夕方の匂い

マグロの鎌

第1話

ついさっきまで雨が降っていたとは思えないほどに、綺麗な夕焼けがこの街を包んでいた。太陽の影となって真っ黒となったカラスの鳴き声、パチパチと音をたて点灯し始める街灯、家々から放たれる夕飯の匂い。

これが、僕が小学生の頃から変わらない夕方の情景だ。

コンクリートブロックが積み上げられた壁に、緑の表札が貼られた電柱、停止線と止まれと書かれた道路。カーブミラーを覗くと人の影は僕のものしか見られなかったので、僕は口笛を吹き始める。頭に浮かんだテキトウな曲を次々と奏でる。サビだけを演奏することもあれば、イントロだけ演奏し、違う曲のAメロに入ったりと、ここではなんでもありだった。だから、たまに自分のオリジナルを混ぜたりもした。

ついこの前までは当たり前だったこんな夕方の風景も、今では特別なものへと変わってしまったのだ。実家を出て、仕事に付き、結婚して、子供が生まれて……ここ数年の僕の人生は、とあるウイルスのせいで止まっていた時がいきなり動き出し、今まで失った分を取り戻すかのように高速で針が回っているようだった。もしかしたら、ウイルスなど関係なく、大学生から社会人になるということは時間を忘れてしまうほどに忙しいものなのかもしれないが。

しかしこうして、久しぶりに生まれ育った街へ帰ってくると、変わらない風景が疲れ切った心の処方箋として作用していることが身に染みてわかる。そして、自分の体と心がいかにボロボロになっていたのかと言うことも。

「はぁ」

そう一つため息をつき、今まで歩いてきた道を振り返る。ちょうど公園に続く坂を降りていたということもあり、夕日は道路に隠れ、左右の豪邸からは犬の鳴き声が聞こえてきた。

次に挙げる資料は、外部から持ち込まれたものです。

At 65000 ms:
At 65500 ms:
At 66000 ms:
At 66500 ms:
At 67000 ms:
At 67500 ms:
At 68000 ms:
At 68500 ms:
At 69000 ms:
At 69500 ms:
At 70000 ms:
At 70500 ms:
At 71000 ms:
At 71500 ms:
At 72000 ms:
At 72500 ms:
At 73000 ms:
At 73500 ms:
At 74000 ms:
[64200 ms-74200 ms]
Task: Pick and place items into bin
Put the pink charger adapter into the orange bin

その景色を忘れないように気おつけながら目をつぶると、遠くからはおばさんたちが買い物袋を抱えながら、「最近うちの旦那が……」「それを言うなら私の息子が……」などと油を売っている様子が見なくとも想像できた。さらにその奥からは黄色いカバーが掛かったランドセルを背負った子供たちや、バスタオルを頭に巻いた塩素の匂いのするプール帰りの女の子、膝を擦りむいて痛いのを我慢しながら家まで歩く男の子。そのほかにも、自転車を押しながら初めて一緒に帰る中学生カップル、部活帰りに自販機の前で炭酸飲料片手に屯するバスケ部、ワイシャツの第二ボタンを開けて中のTシャツを見せると言った着崩し方をする茶髪の高校生集団。そんな風景がこの道の向こうでは広がっているんだと想像しながら鼻を啜るように匂いを嗅ぐ。

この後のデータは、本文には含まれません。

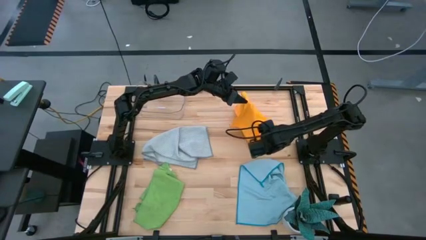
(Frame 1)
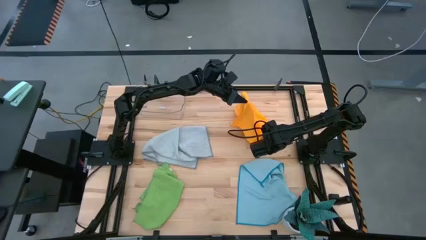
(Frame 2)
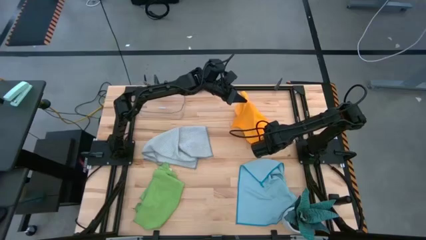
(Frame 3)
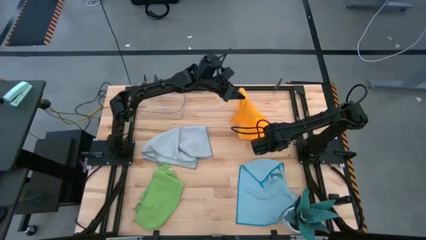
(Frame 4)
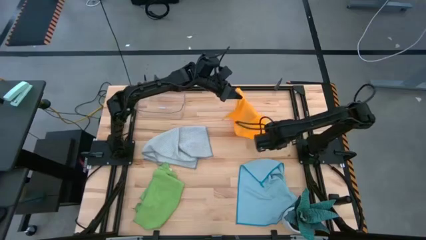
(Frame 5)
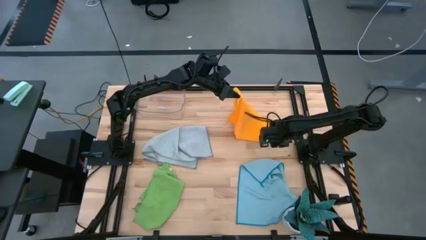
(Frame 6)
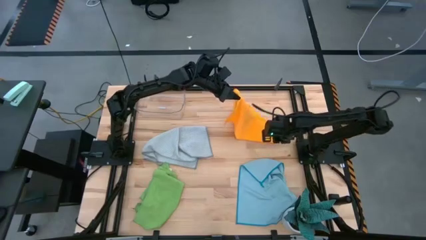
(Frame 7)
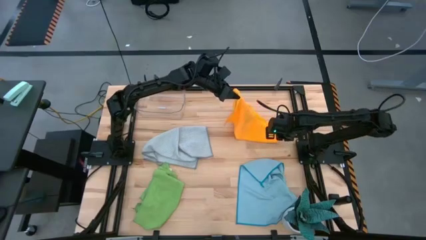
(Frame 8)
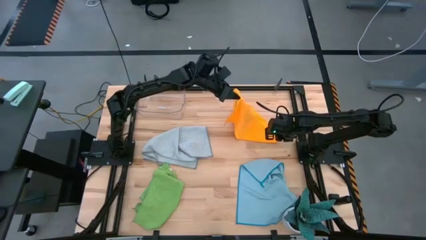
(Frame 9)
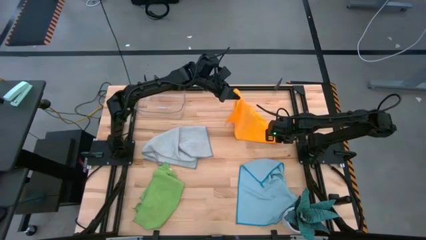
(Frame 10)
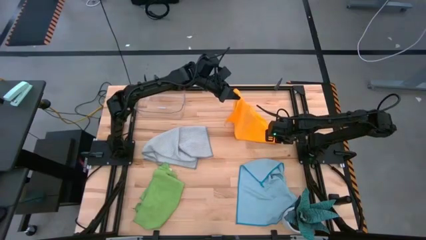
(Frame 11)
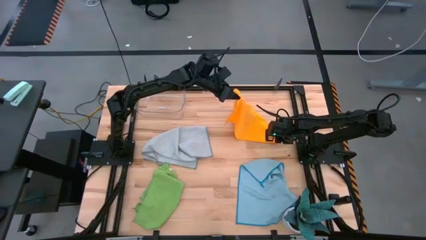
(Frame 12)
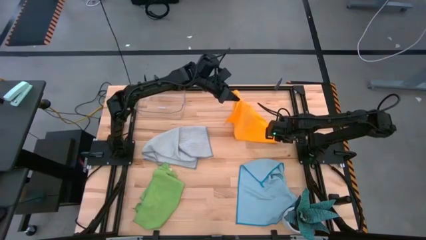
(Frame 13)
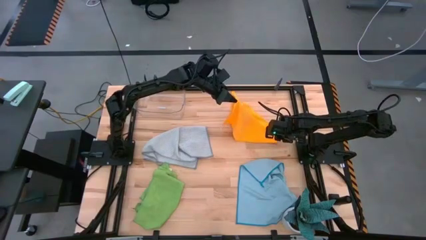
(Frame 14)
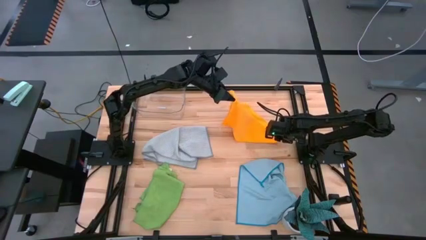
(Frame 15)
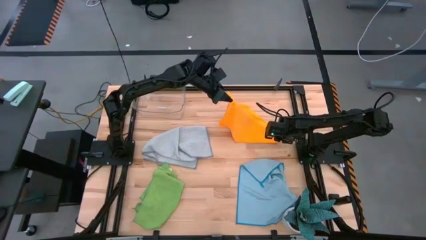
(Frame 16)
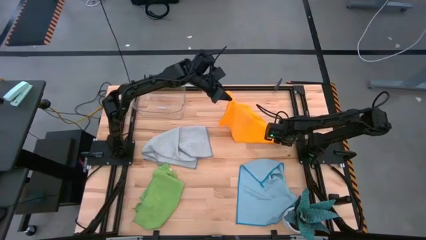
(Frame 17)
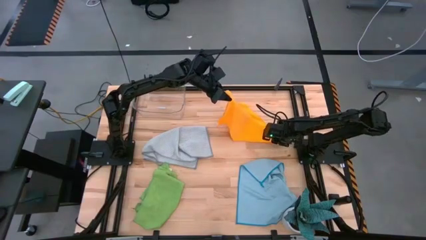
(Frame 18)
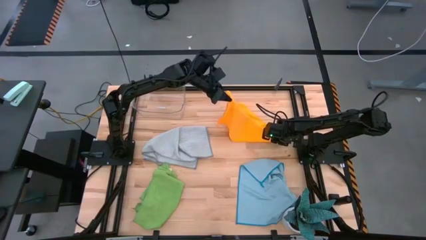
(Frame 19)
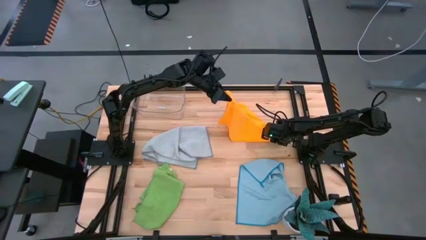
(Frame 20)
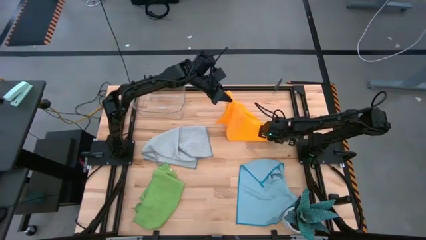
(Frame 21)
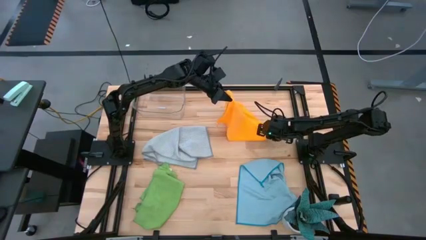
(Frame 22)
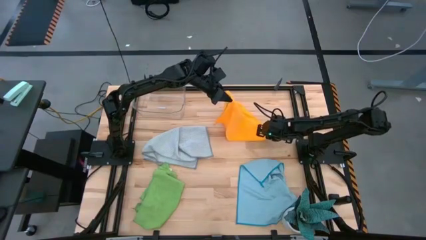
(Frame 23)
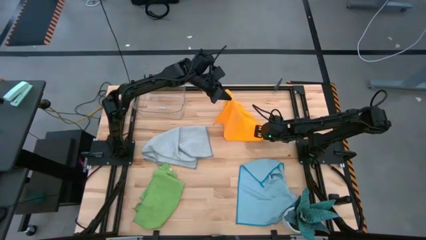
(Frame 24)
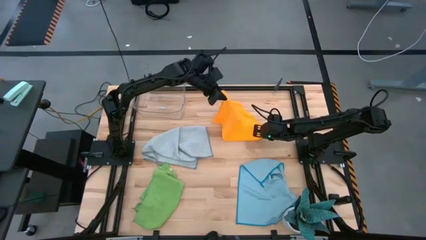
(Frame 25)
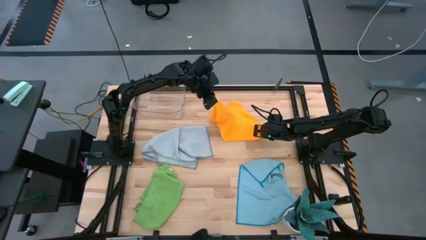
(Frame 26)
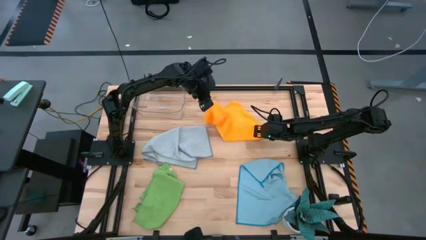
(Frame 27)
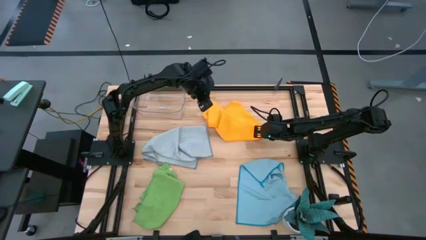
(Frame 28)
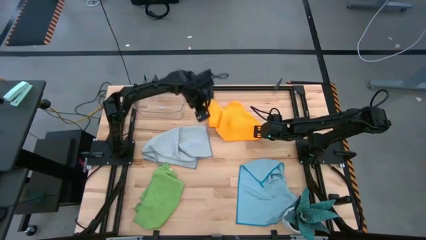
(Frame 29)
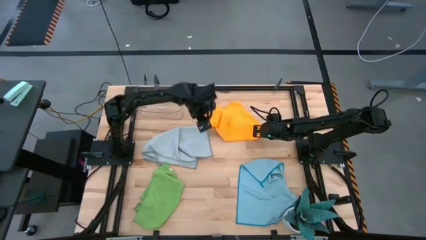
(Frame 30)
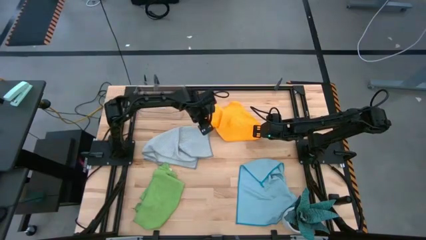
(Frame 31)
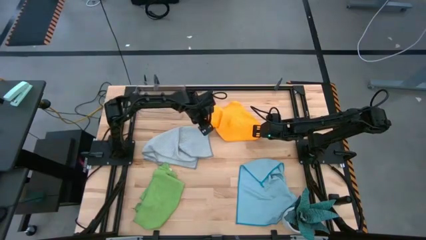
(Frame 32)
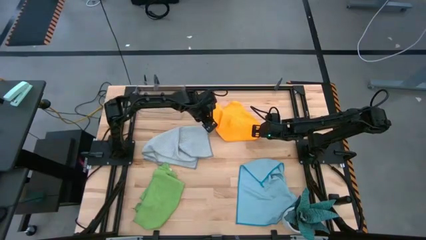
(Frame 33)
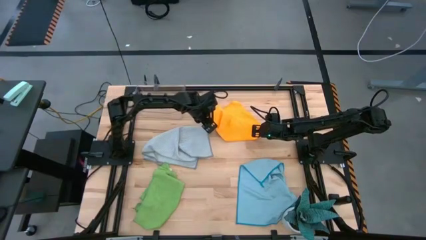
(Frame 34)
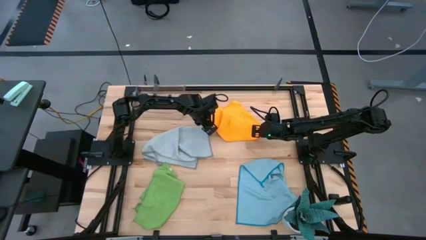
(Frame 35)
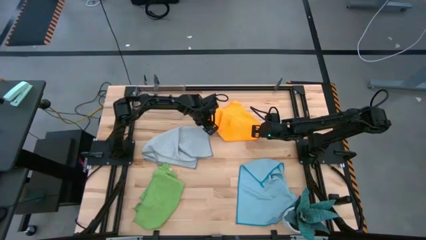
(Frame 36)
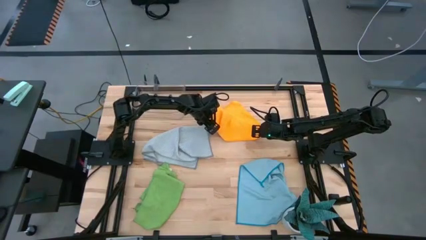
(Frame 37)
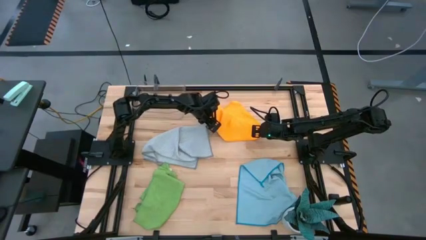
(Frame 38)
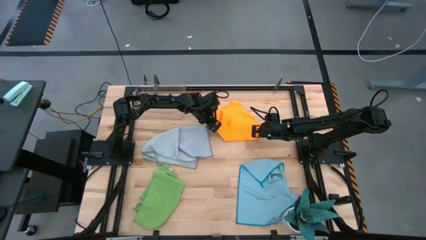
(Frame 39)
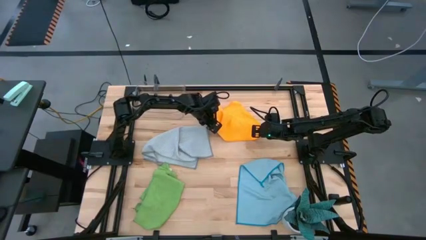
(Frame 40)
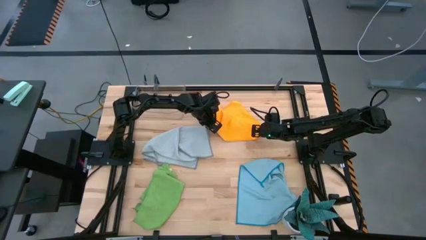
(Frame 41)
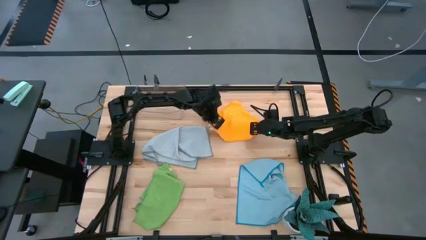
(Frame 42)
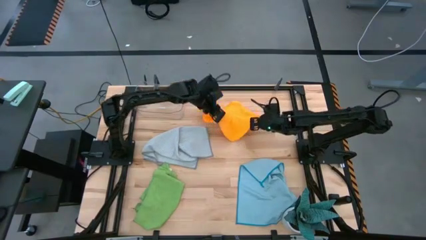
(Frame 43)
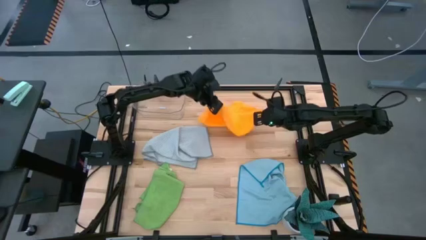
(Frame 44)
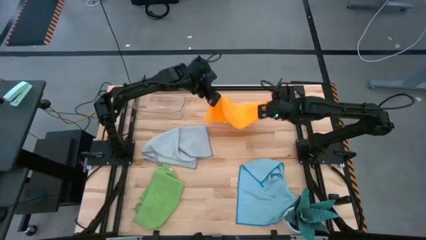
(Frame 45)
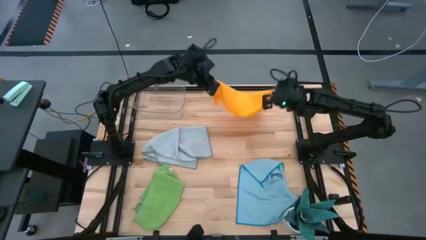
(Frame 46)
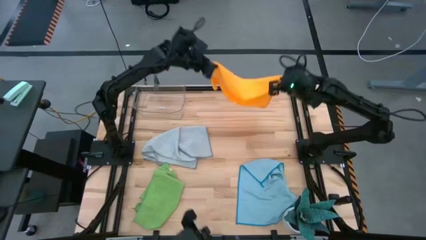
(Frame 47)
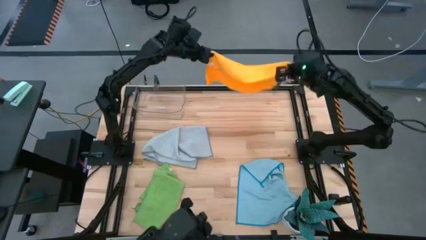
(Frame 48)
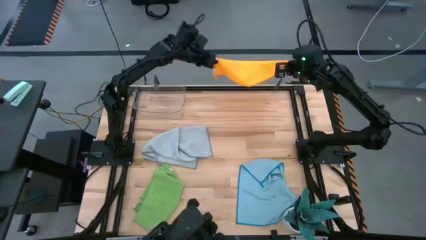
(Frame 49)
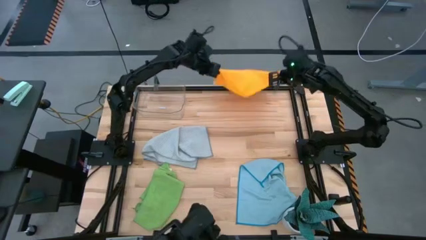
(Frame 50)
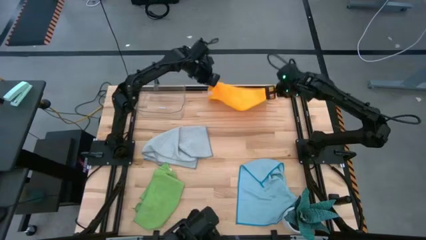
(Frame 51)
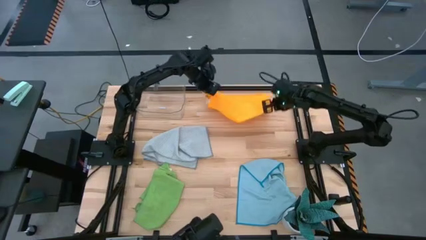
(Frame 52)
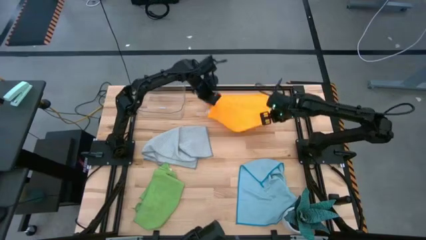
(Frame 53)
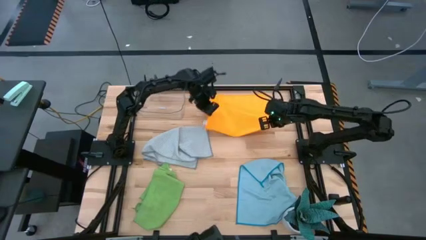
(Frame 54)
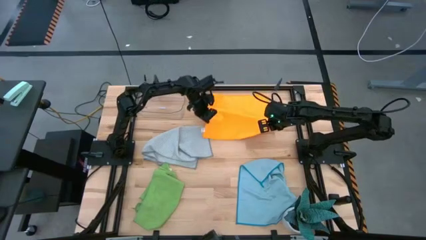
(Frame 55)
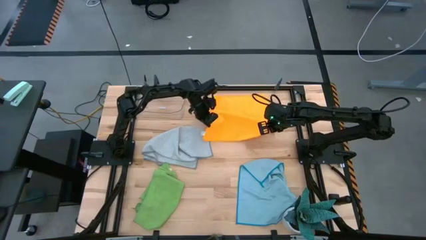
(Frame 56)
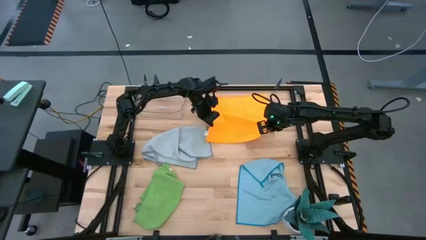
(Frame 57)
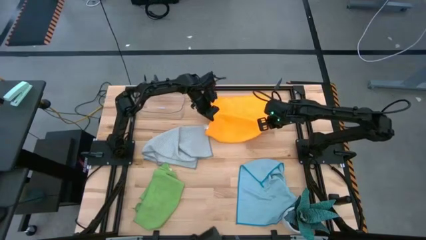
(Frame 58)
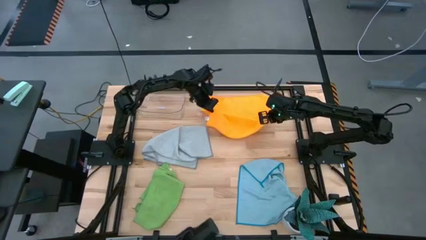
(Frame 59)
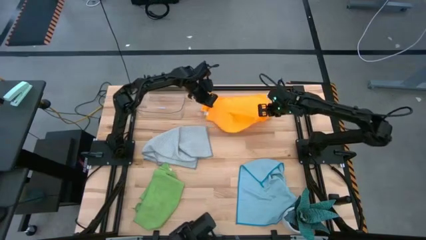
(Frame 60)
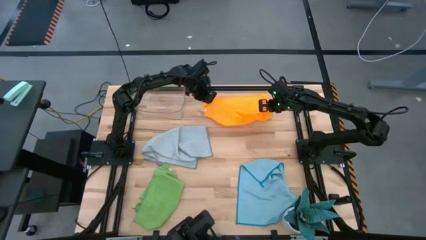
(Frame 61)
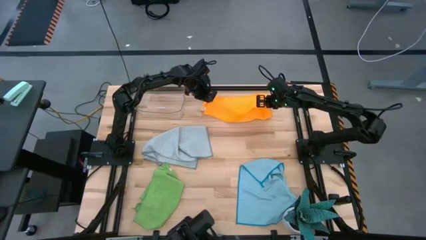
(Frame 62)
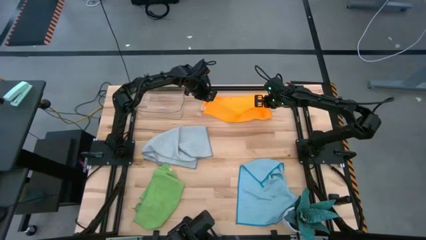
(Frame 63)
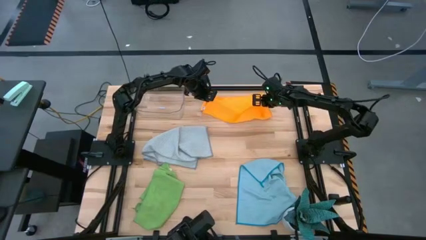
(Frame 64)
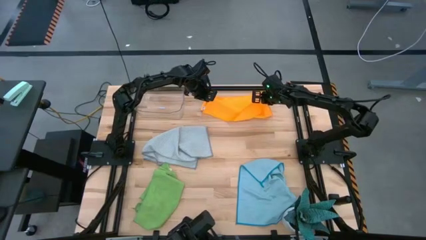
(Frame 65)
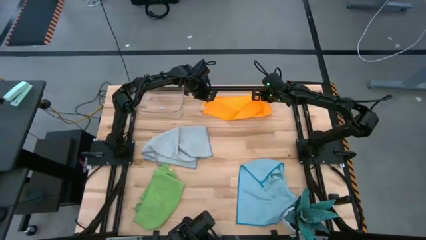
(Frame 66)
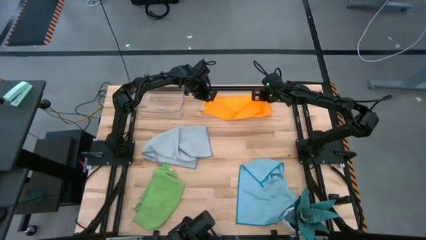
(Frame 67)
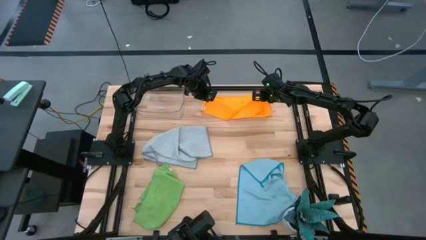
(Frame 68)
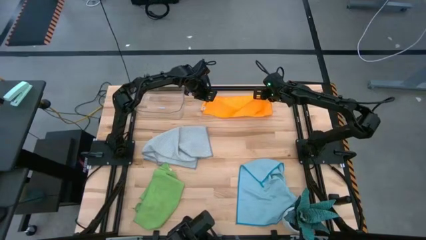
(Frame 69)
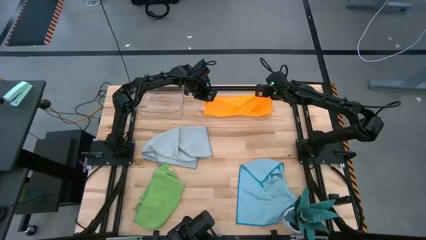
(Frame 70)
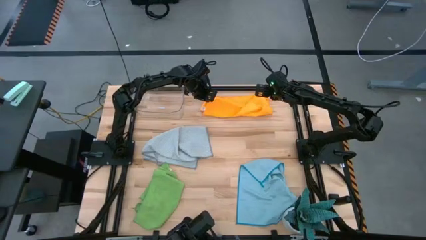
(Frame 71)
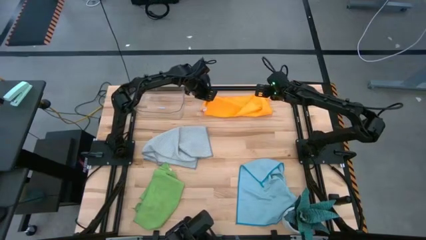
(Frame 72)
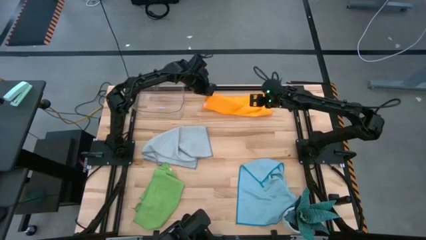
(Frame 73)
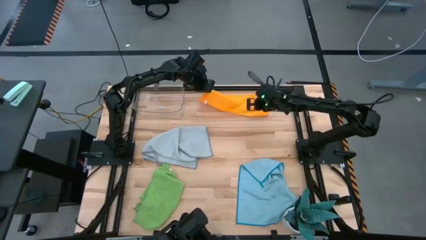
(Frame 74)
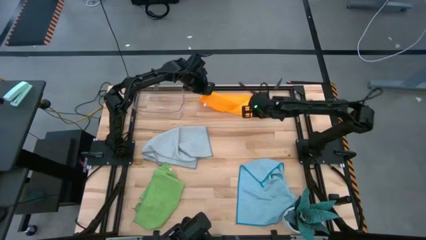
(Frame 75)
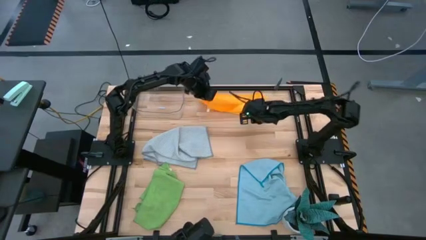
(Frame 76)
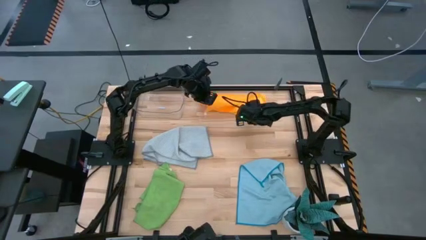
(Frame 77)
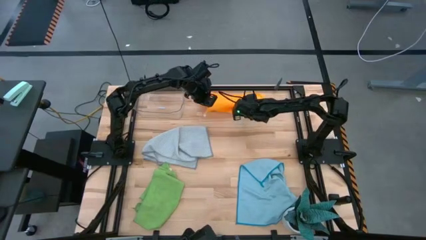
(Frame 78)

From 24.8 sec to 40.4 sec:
Task: Fold microfiber towels
Fold the orange microfiber cloth

鼻は海馬と直接繋がっているとどこかで聞いたことがあったが、それは間違いないだろうと思う。なぜなら、この車の排気ガスやタイヤの擦れた匂い、生ゴミや様々な夕飯が混合した匂い、コンクリートや植物から常に放たれる匂いが混じり合ってできた『夕方の匂い』を嗅ぐだけでまるで、この街で過ごしていたあの頃に戻ったような気がしたからだ。

父に「母には内緒だぞ」と二人で飲んだコーラの味、母と塾帰りによく寄った肉屋の油の匂い、父と母の間に挟まれて歩いたこの街。

ああそうか、僕はもう変わらない風景の中にいるのではなく、子供に変わらない風景を作ってあげる側なのか。

僕は今住んでいるあの無機質な街を思い出す。

きっとあんな、電信柱一つなく、道路のコンクリートに当然ひび割れなどないようなあの綺麗な風景ですら、子供達からすれば古めかしくて懐かしいセピア色の思い出となるのだろう。そして、あの街の匂いが彼らにとっての夕方の匂いなのだろう。

そう思うと、重かったはずの妻と子の待つ家への足取りは軽くなっていた。